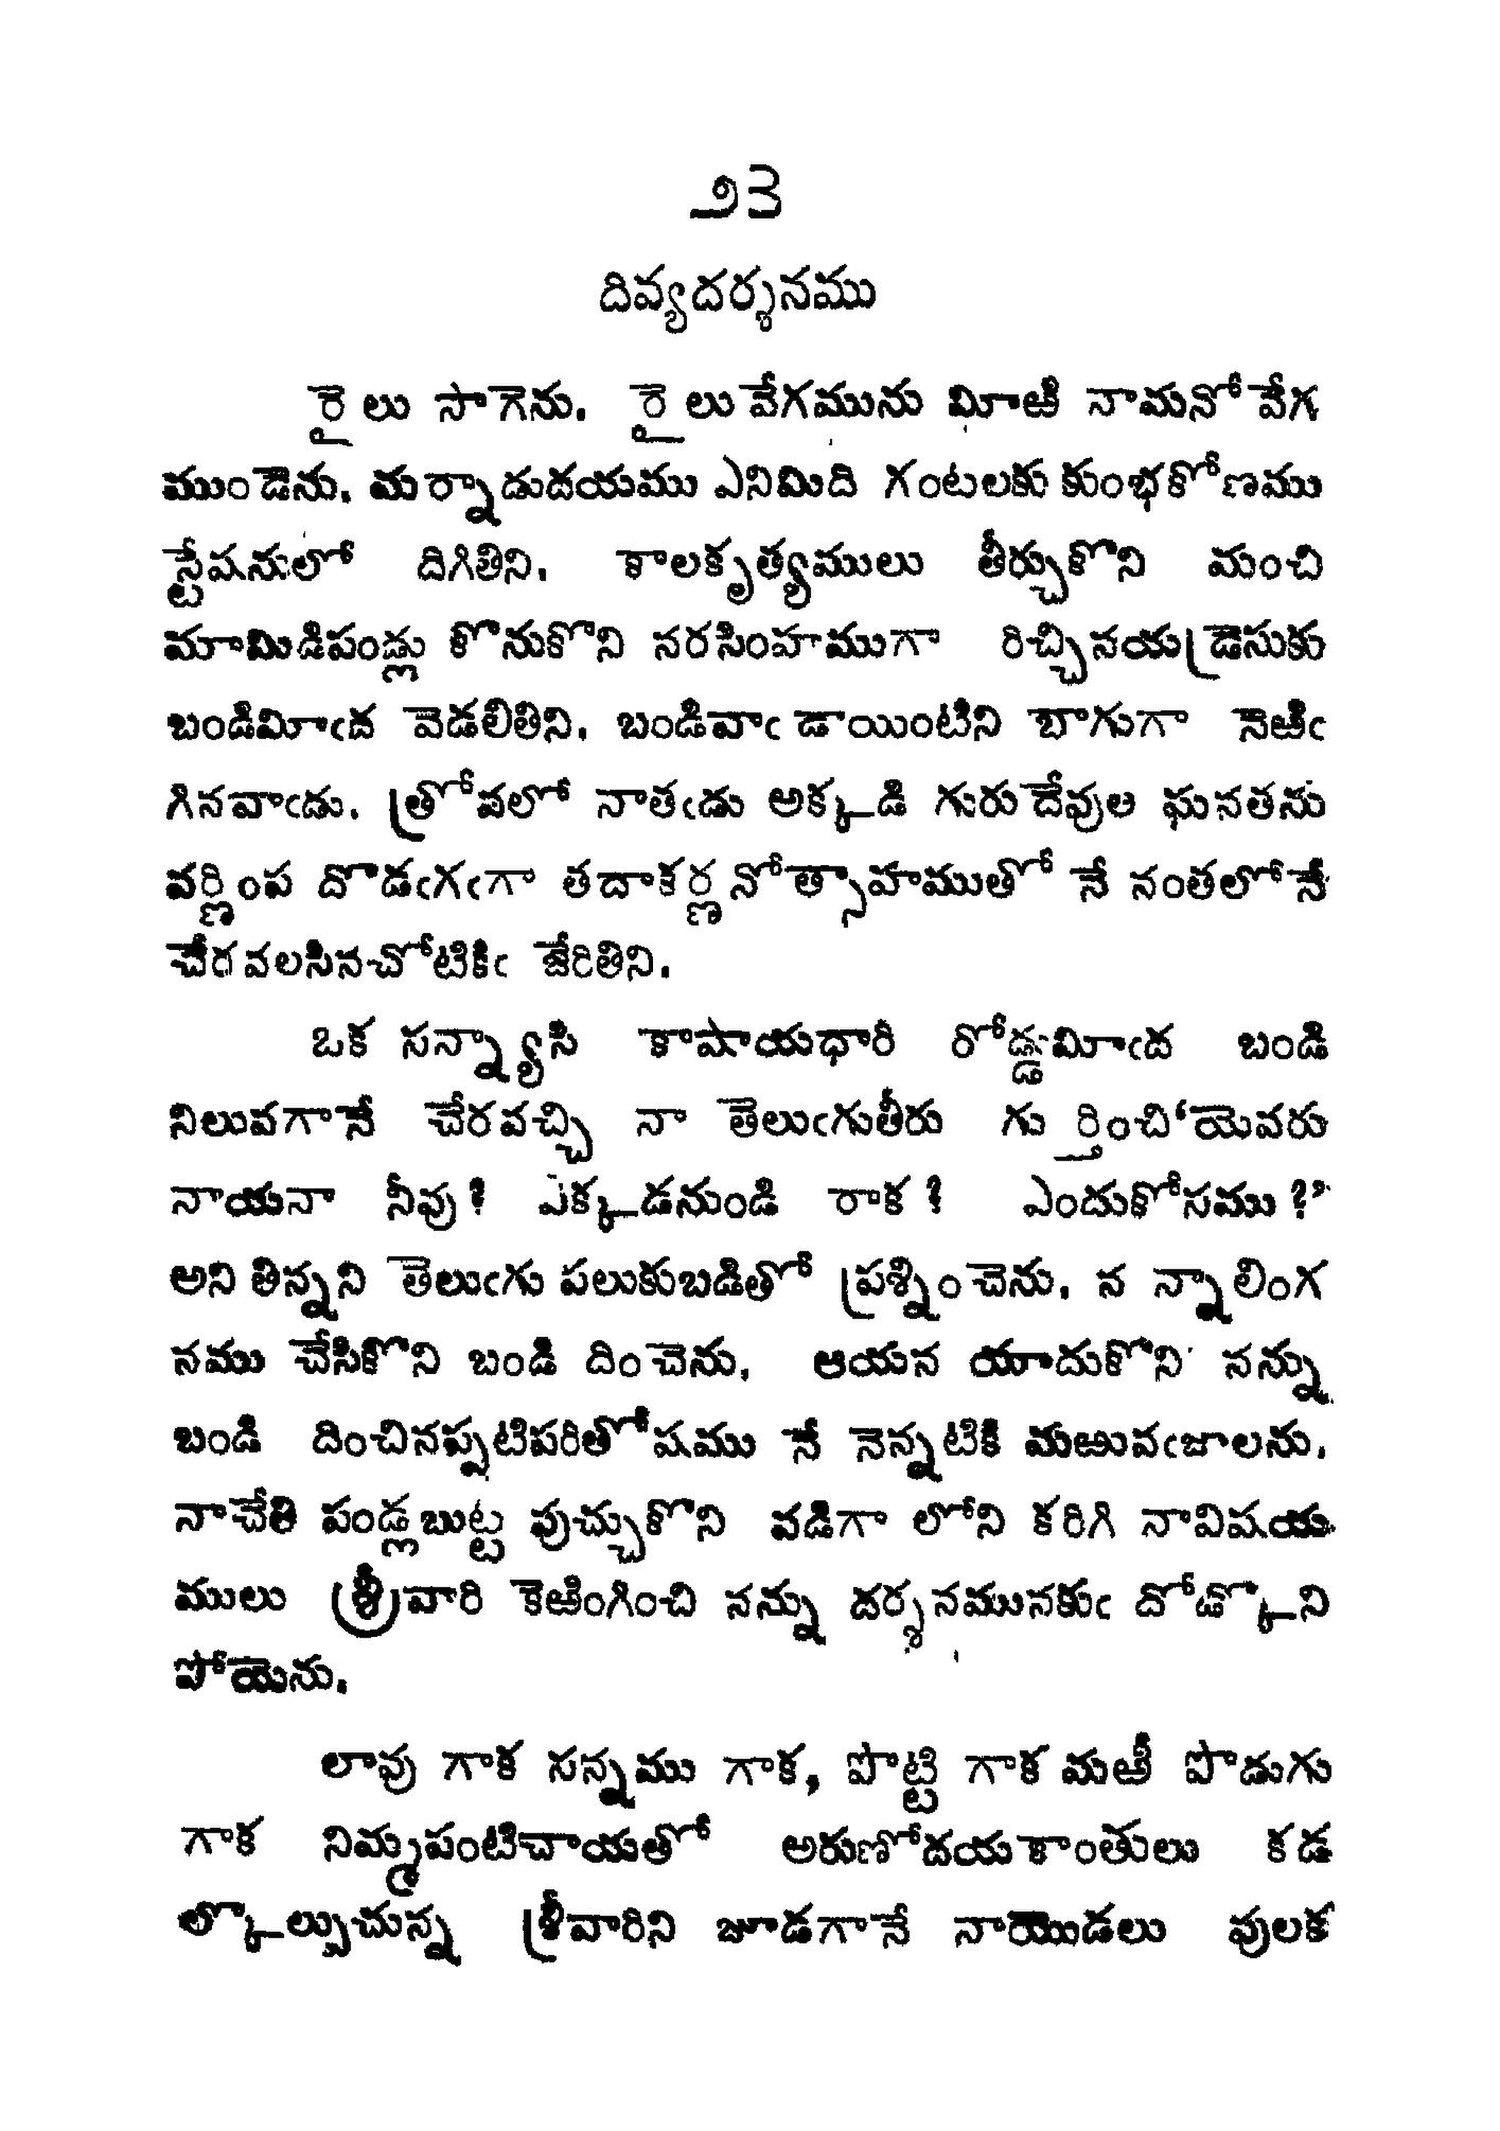రైలు సాగెను. రైలు వేగమును మీఱి నా మనోవేగాముండెను. మర్నాడుదయము ఎనిమిది గంటలకు కుంభకోణము స్టేషనులో దిగితిని. కాలకృత్యములు తీర్చుకొని మంచి మామిడి పండ్లు కొనుకొని నరసింహముగా రిచ్చిన యడ్రేసుకు బండి మిఁద వెడలితిని. బండి వాఁడా యింటిని బాగుగా నెఱిఁగిన వాఁడు. త్రోవలో నాతఁ డు అక్కడి గురుదేవుల ఘనతను వర్ణింప దొడఁగఁగా తదాకర్ణనోత్సాహముతో నే నంతలోనే చేర వలసినచోటికిఁ జేరితిని.

ఒక సన్న్యాసి కాషాయధారి రోడ్డుమిఁదబండి నిలువు గానే చేరవచ్చి నా తెలుఁగు తీరు గుర్తించి ' యెవరు నాయనా నీవు? ఎక్కడ నుండి రాక? ఎందుకోసము?' అని తిన్నని తెలుఁ గు పలుకు బడితో ప్రశ్నించెను. నా న్నాలింగ నము చేసికొని బండి దించెను. ఆయన యాదుకొని నన్ను బండి దించినప్పటి పరితోషము నే నెన్నటికి మఱువఁ జాలను. నా చేతి పండ్ల బుట్ట పుచ్చుకొని వడిగాలోని కరిగి నా విషయములు శ్రీ వారి కెఱింగించి నన్ను దర్శనమునకుఁ దోడ్కొని పోయెను. 

లావు గాక సన్నము గాక, పొట్టి గాక మఱీ పొడుగు గాక నిమ్మపంటిచాయతో అరుణోదయ కాంతులు కడల్కొల్పుచున్న శ్రీ వారిని జూడగానే నాయొడలు పులక
━━━━━━━━━━
* _WORK REQUEST_
Word for word, retype the lines from the one containing "ఒక సన్న్యాసి కాషాయధారి" through the final line of the data, including both ends and nothing more.

* _SOLUTION TO THIS TASK_
ఒక సన్న్యాసి కాషాయధారి రోడ్డుమిఁదబండి నిలువు గానే చేరవచ్చి నా తెలుఁగు తీరు గుర్తించి ' యెవరు నాయనా నీవు? ఎక్కడ నుండి రాక? ఎందుకోసము?' అని తిన్నని తెలుఁ గు పలుకు బడితో ప్రశ్నించెను. నా న్నాలింగ నము చేసికొని బండి దించెను. ఆయన యాదుకొని నన్ను బండి దించినప్పటి పరితోషము నే నెన్నటికి మఱువఁ జాలను. నా చేతి పండ్ల బుట్ట పుచ్చుకొని వడిగాలోని కరిగి నా విషయములు శ్రీ వారి కెఱింగించి నన్ను దర్శనమునకుఁ దోడ్కొని పోయెను. 

లావు గాక సన్నము గాక, పొట్టి గాక మఱీ పొడుగు గాక నిమ్మపంటిచాయతో అరుణోదయ కాంతులు కడల్కొల్పుచున్న శ్రీ వారిని జూడగానే నాయొడలు పులక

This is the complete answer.